→ **Source material**
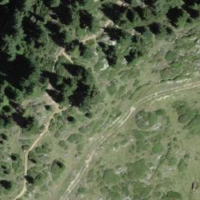
EUNIS habitat code: 26
Species observed at this site:
Erebia epiphron
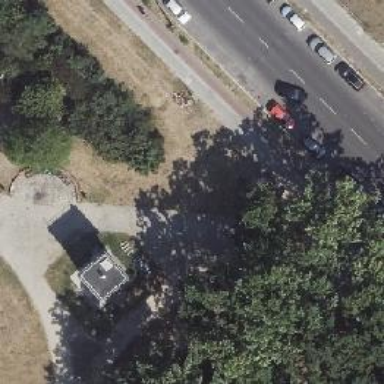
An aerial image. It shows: Compacted footway.
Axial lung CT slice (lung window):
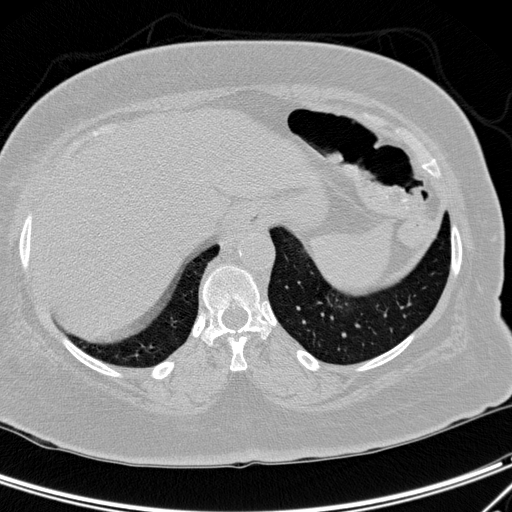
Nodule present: no
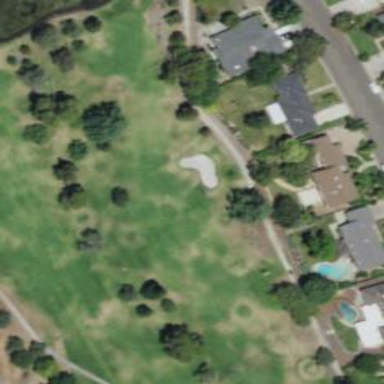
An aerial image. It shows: View of golf hole.
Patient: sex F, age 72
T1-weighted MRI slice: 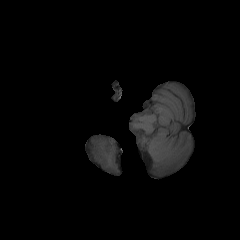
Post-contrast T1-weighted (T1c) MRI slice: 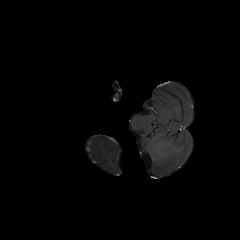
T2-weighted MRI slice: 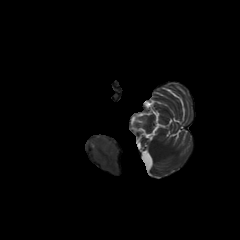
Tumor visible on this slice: no
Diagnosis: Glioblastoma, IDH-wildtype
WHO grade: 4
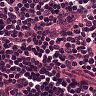
Metastatic tissue present: no
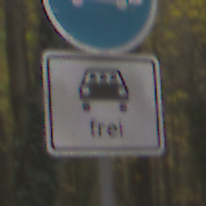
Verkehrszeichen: MehrfachbesetzePersonenkraftwagenFrei
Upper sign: Busssonderstreifen
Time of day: MorningAfternoon
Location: Outdoor (Nature)
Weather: Overcast
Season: Autumn
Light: Natural
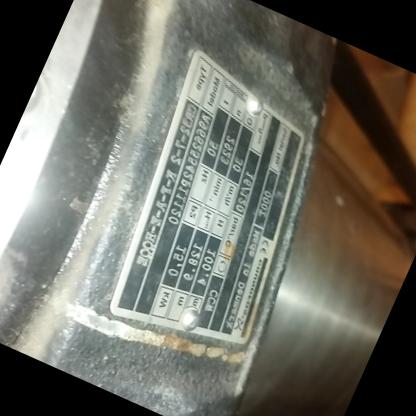
Klasa: tabliczka-znamionowa
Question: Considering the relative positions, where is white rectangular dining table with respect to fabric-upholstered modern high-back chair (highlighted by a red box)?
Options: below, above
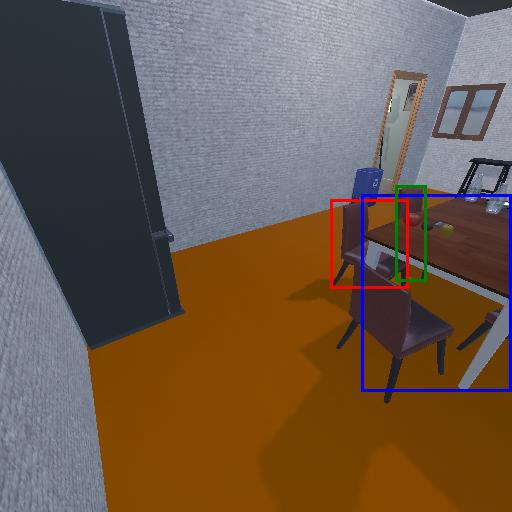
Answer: below
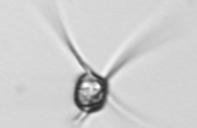
Label: Chaetoceros_danicus
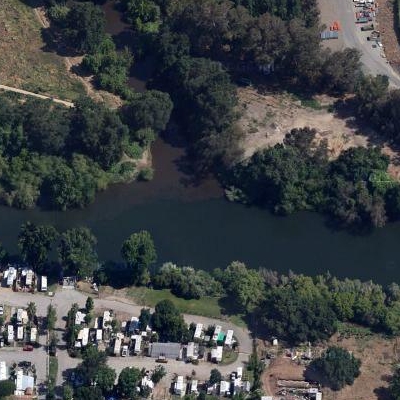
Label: RiverLake
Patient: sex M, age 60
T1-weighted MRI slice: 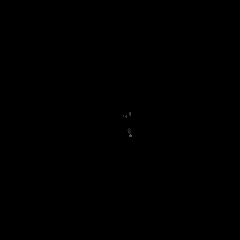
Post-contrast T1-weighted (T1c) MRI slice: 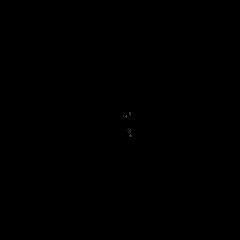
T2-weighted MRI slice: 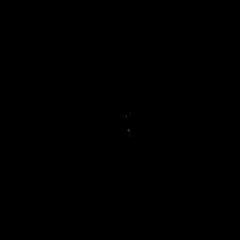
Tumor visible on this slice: no
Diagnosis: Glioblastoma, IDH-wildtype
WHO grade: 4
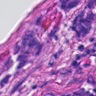
Metastatic tissue present: yes
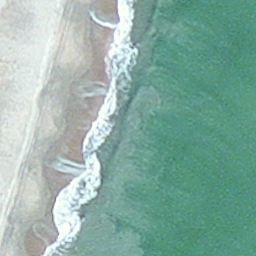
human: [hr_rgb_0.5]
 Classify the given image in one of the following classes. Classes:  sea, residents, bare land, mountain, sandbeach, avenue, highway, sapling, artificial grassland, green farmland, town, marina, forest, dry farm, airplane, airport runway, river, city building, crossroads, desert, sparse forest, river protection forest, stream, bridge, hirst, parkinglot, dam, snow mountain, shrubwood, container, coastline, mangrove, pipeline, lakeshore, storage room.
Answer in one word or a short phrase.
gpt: coastline
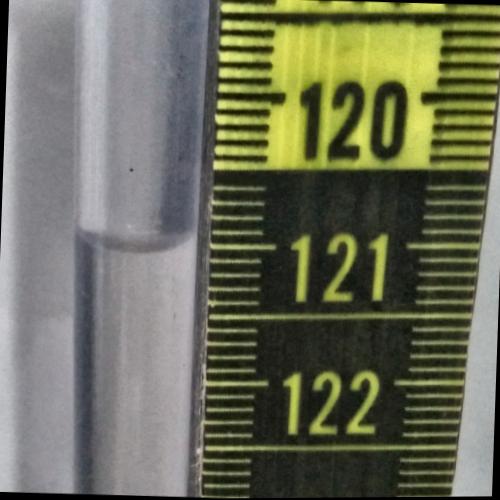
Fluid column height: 121.0 cm
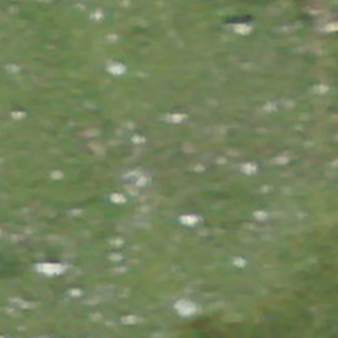
Label: other
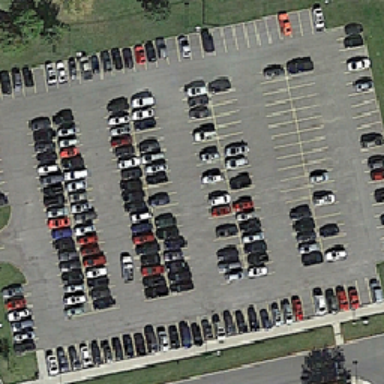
There are many green plants and lawns around the parking lot .
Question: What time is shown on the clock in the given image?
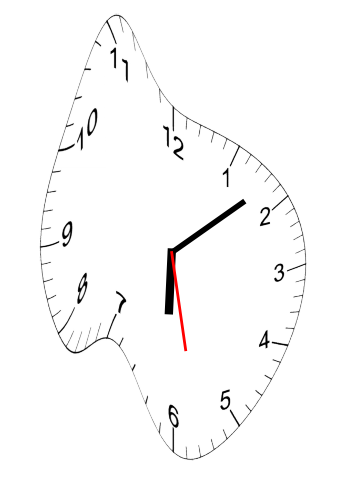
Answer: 06:08:28
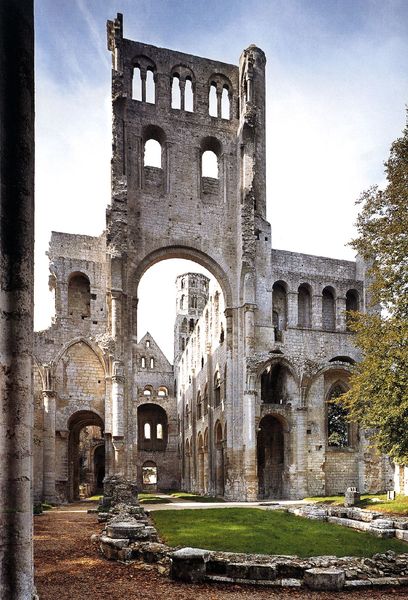
Titel: Ehemalige Benediktinerabtei Jumièges in der Nähe von Rouen
Standort: (F Normandie) (EU - F - Normandie)
Schlagwörter: baum, blätter, himmel, fenster, grau, säulen, tür, gras, rasen, schloss, weg, wand, architektur, spitze, stein, steine, kirche, turm, ecke, bogen, mauer, herbst, hof, hoch, tor, foto, bögen, verfall, eingang, gang, ruine, burg, kloster, groß, mittelschiff, mauern, romanik, zerstört, verfallen, grundriss, romanisch, archäologie, doppelbögen, grundpfeiler, ruine7
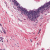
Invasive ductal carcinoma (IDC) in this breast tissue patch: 0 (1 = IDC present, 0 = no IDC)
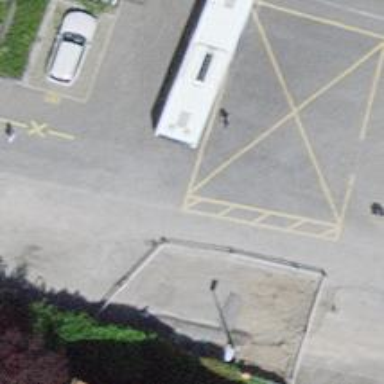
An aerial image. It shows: Bus stop equipped with public transport stop position.
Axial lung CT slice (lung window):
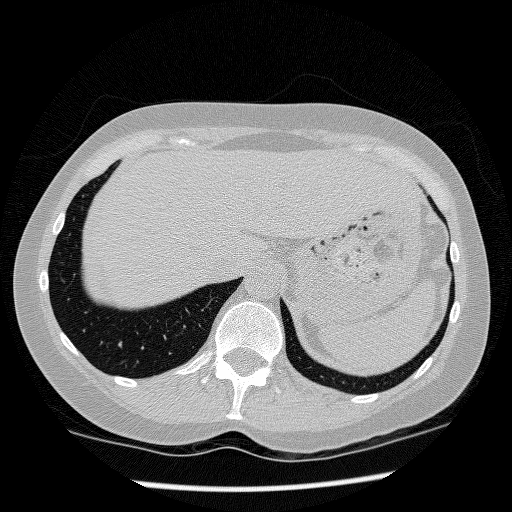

→ **Your assignment**
Out of the material above, select every line that holds the string "coastline".

→ **Response**
 Classify the given image in one of the following classes. Classes:  sea, residents, bare land, mountain, sandbeach, avenue, highway, sapling, artificial grassland, green farmland, town, marina, forest, dry farm, airplane, airport runway, river, city building, crossroads, desert, sparse forest, river protection forest, stream, bridge, hirst, parkinglot, dam, snow mountain, shrubwood, container, coastline, mangrove, pipeline, lakeshore, storage room.
gpt: coastline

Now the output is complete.